December 23rd, the day before the day before Christmas. What a friend of mine used to call Christmas Eve Eve. Not anymore. Now it’s our day of unbridled hatchet burying. Every year, any hatchet going. 

I don’t think the early years were so bad. It wasn’t as sentimental back then. It struck just the right tone: serious, but not too serious. The Government released those detonation plans for Building 7 and the public uproar seems almost quaint now. If you cast your mind back, it didn’t even spoil Christmas. We had a few days of media panic and then the best boxing day sales ever as we hosed ourselves down with alcohol and spree-shopping. We raged hard, but our anger evaporated like a winter fad. That was the unofficial beginning. 

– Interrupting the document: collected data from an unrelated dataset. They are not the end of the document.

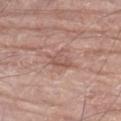acquisition: total-body-photography crop, ~15 mm field of view | lighting: white-light | site: the right lower leg | patient: male, aged 78–82.
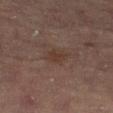Captured during whole-body skin photography for melanoma surveillance; the lesion was not biopsied. Cropped from a whole-body photographic skin survey; the tile spans about 15 mm. Located on the left lower leg. A female subject approximately 70 years of age.
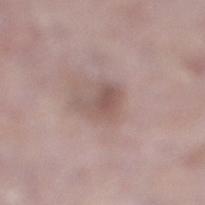Q: What is the anatomic site?
A: the right lower leg
Q: What are the patient's age and sex?
A: male, in their mid- to late 70s
Q: How was this image acquired?
A: total-body-photography crop, ~15 mm field of view
Q: Lesion size?
A: ~3.5 mm (longest diameter)
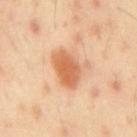notes: no biopsy performed (imaged during a skin exam)
imaging modality: ~15 mm crop, total-body skin-cancer survey
patient: male, aged approximately 45
diameter: ~4.5 mm (longest diameter)
anatomic site: the mid back
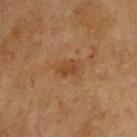<record>
  <lesion_size>
    <long_diameter_mm_approx>2.5</long_diameter_mm_approx>
  </lesion_size>
  <lighting>cross-polarized</lighting>
  <patient>
    <sex>male</sex>
    <age_approx>65</age_approx>
  </patient>
  <site>front of the torso</site>
  <image>
    <source>total-body photography crop</source>
    <field_of_view_mm>15</field_of_view_mm>
  </image>
</record>
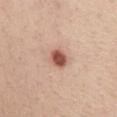Case summary:
• follow-up — total-body-photography surveillance lesion; no biopsy
• patient — female, in their 50s
• anatomic site — the chest
• illumination — white-light
• acquisition — 15 mm crop, total-body photography
• diameter — ~2.5 mm (longest diameter)

It was the year with Monsitor that cemented it. They had their books hacked open. The company killed a bunch of retirees out in the Midwest, throat cancer, the lot of them, all from faulty disposable cups. So that made the news and then a month later Kurt Cobain was right there on CNN, walking around, waving at us, alive and in the flesh. The authorities wanted to indict him, but we weren’t having it. We all shook our fists and forgave Kurt. We petitioned and protested. The charges were dropped, and it fanned out like a brush fire from there. The very next week, Monsitor asked for forgiveness and they got it, too. Then hours later it was EXXONN, the 2008 Wall Street guys, the Wagner family, Roman Polanski, all the big dominos started falling. The higher-ups recognised an opportunity when they saw one. National Forgiveness Day was born, December 23rd, public holiday. 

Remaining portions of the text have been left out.